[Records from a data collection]
* * * *

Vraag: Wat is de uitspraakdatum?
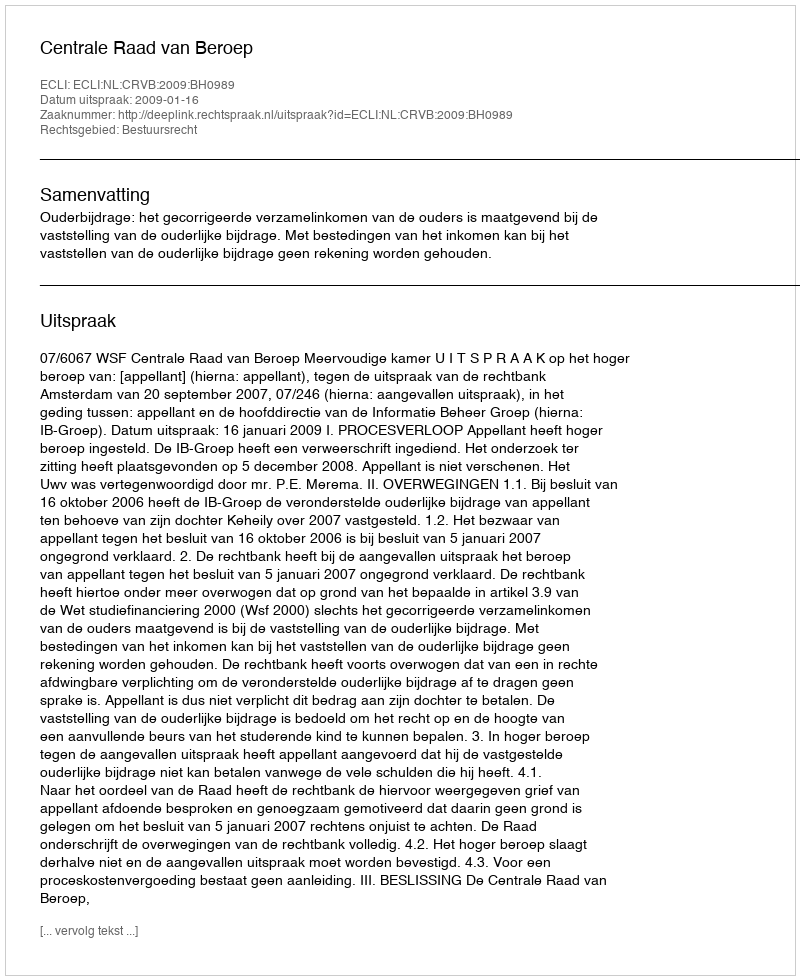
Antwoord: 2009-01-16
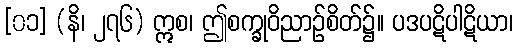
[၀၁] (နိ၊ ၂၇၆) ဣစ၊ ဤစက္ခုဝိညာဉ်စိတ်၌။ ပဒပဋိပါဋိယာ၊
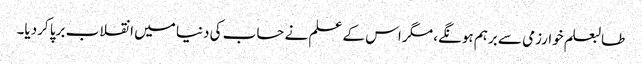
طالبعلم خوارزمی سے برہم ہونگے، مگر اس کے علم نے حساب کی دنیا میں انقلاب برپا کردیا۔
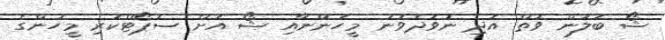
ޝޯ ބަލަން ވަތް އަދި ނުވަދެވުނު މީހުންނާއި ޝޯ އަށް ސަޕޯޓްކުރި މީހުންގެ
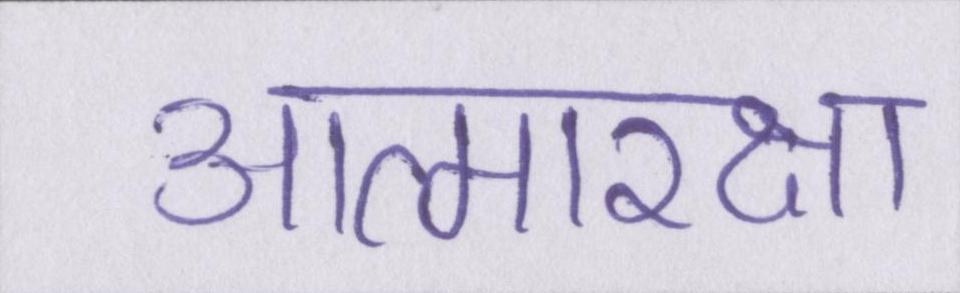
आत्मरक्षा
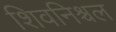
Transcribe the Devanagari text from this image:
शिवनिश्चल
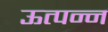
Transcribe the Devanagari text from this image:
ऊत्पन्न
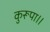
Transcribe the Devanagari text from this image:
कुरूपा।।
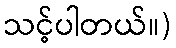
သင့်ပါတယ်။)
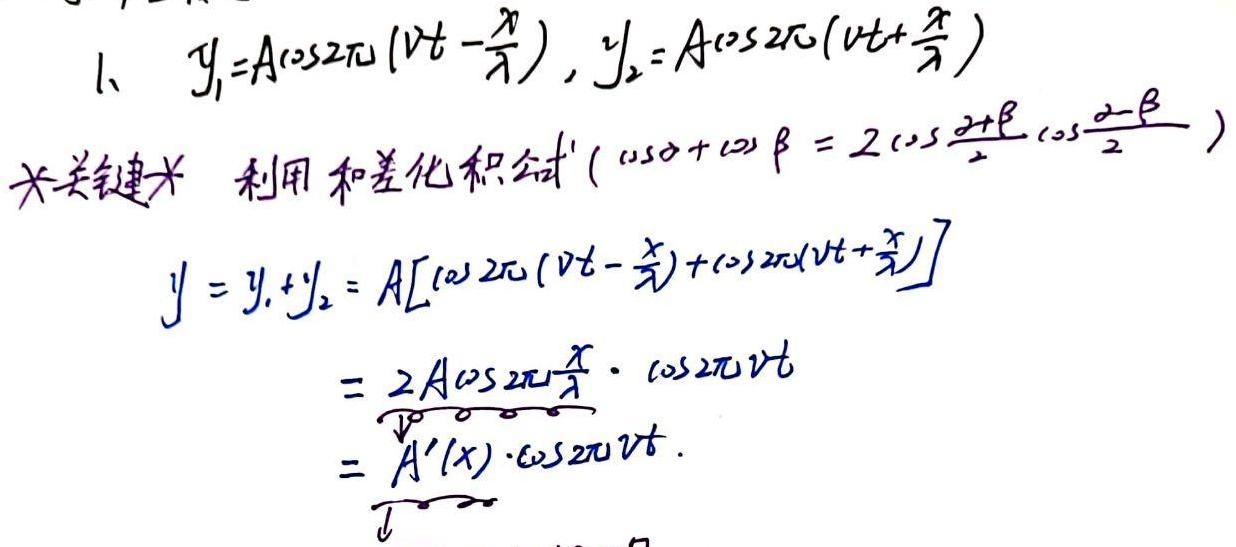
1. \(y_1 = A\cos2\pi(\nu t-\frac{x}{\lambda})\)，\(y_2 = A\cos2\pi(\nu t+\frac{x}{\lambda})\)。关键：利用和差化积公式\((\cos\alpha+\cos\beta = 2\cos\frac{\alpha + \beta}{2}\cos\frac{\alpha-\beta}{2})\)
\[
\begin{align*}
y&=y_1 + y_2=A[\cos2\pi(\nu t-\frac{x}{\lambda})+\cos2\pi(\nu t+\frac{x}{\lambda})]\\
&=2A\cos2\pi\frac{x}{\lambda}\cdot\cos2\pi\nu t\\
&=\underbrace{A'(x)}\cdot\cos2\pi\nu t
\end{align*}
\]
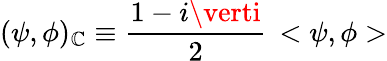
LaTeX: (\psi,\phi)_{\cal\mathbb{C}}\equiv\frac{{1-i\verti}}{{2}}\, <\psi,\phi>
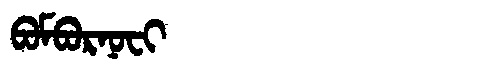
Manchu: ᠪᠣᠮᠪᠣᡵᠨᠣᠸᡳ
Romanization: BOMBORNOFI
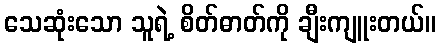
သေဆုံးသော သူရဲ့ စိတ်ဓာတ်ကို ချီးကျူးတယ်။
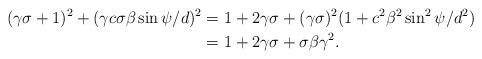
LaTeX: \begin{align*} (\gamma\sigma+1)^2+(\gamma c\sigma\beta\sin{\psi}/d)^2&=1+2\gamma\sigma+(\gamma\sigma)^2(1+c^2\beta^2\sin^2{\psi}/d^2)\\&=1+2\gamma\sigma+\sigma\beta\gamma^2.\end{align*}
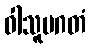
ဝါသူပဂတံ
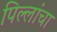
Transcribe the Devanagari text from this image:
पिल्लांचा
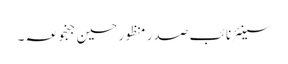
سینئر نائب صدر منظور حسین جنجوعہ ۔
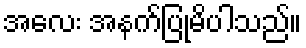
အလေး အနက်ပြုမိပါသည်။
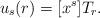
LaTeX: \begin{align*}u_s(r) = [x^s]T_r .\end{align*}
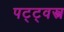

* * * *

[Task prompt] Repeat each entry exactly. Pictures do not belong in the copy.

[Task result]
Vraag: Wat is de uitspraakdatum?
Antwoord: 2009-01-16
[၀၁] (နိ၊ ၂၇၆) ဣစ၊ ဤစက္ခုဝိညာဉ်စိတ်၌။ ပဒပဋိပါဋိယာ၊
طالبعلم خوارزمی سے برہم ہونگے، مگر اس کے علم نے حساب کی دنیا میں انقلاب برپا کردیا۔
ޝޯ ބަލަން ވަތް އަދި ނުވަދެވުނު މީހުންނާއި ޝޯ އަށް ސަޕޯޓްކުރި މީހުންގެ
आत्मरक्षा
Transcribe the Devanagari text from this image:
शिवनिश्चल
Transcribe the Devanagari text from this image:
ऊत्पन्न
Transcribe the Devanagari text from this image:
कुरूपा।।
သင့်ပါတယ်။)
1. \(y_1 = A\cos2\pi(\nu t-\frac{x}{\lambda})\)，\(y_2 = A\cos2\pi(\nu t+\frac{x}{\lambda})\)。关键：利用和差化积公式\((\cos\alpha+\cos\beta = 2\cos\frac{\alpha + \beta}{2}\cos\frac{\alpha-\beta}{2})\)
\[
\begin{align*}
y&=y_1 + y_2=A[\cos2\pi(\nu t-\frac{x}{\lambda})+\cos2\pi(\nu t+\frac{x}{\lambda})]\\
&=2A\cos2\pi\frac{x}{\lambda}\cdot\cos2\pi\nu t\\
&=\underbrace{A'(x)}\cdot\cos2\pi\nu t
\end{align*}
\]
LaTeX: (\psi,\phi)_{\cal\mathbb{C}}\equiv\frac{{1-i\verti}}{{2}}\, <\psi,\phi>
Manchu: ᠪᠣᠮᠪᠣᡵᠨᠣᠸᡳ
Romanization: BOMBORNOFI
သေဆုံးသော သူရဲ့ စိတ်ဓာတ်ကို ချီးကျူးတယ်။
LaTeX: \begin{align*} (\gamma\sigma+1)^2+(\gamma c\sigma\beta\sin{\psi}/d)^2&=1+2\gamma\sigma+(\gamma\sigma)^2(1+c^2\beta^2\sin^2{\psi}/d^2)\\&=1+2\gamma\sigma+\sigma\beta\gamma^2.\end{align*}
ဝါသူပဂတံ
Transcribe the Devanagari text from this image:
पिल्लांचा
سینئر نائب صدر منظور حسین جنجوعہ ۔
အလေး အနက်ပြုမိပါသည်။
LaTeX: \begin{align*}u_s(r) = [x^s]T_r .\end{align*}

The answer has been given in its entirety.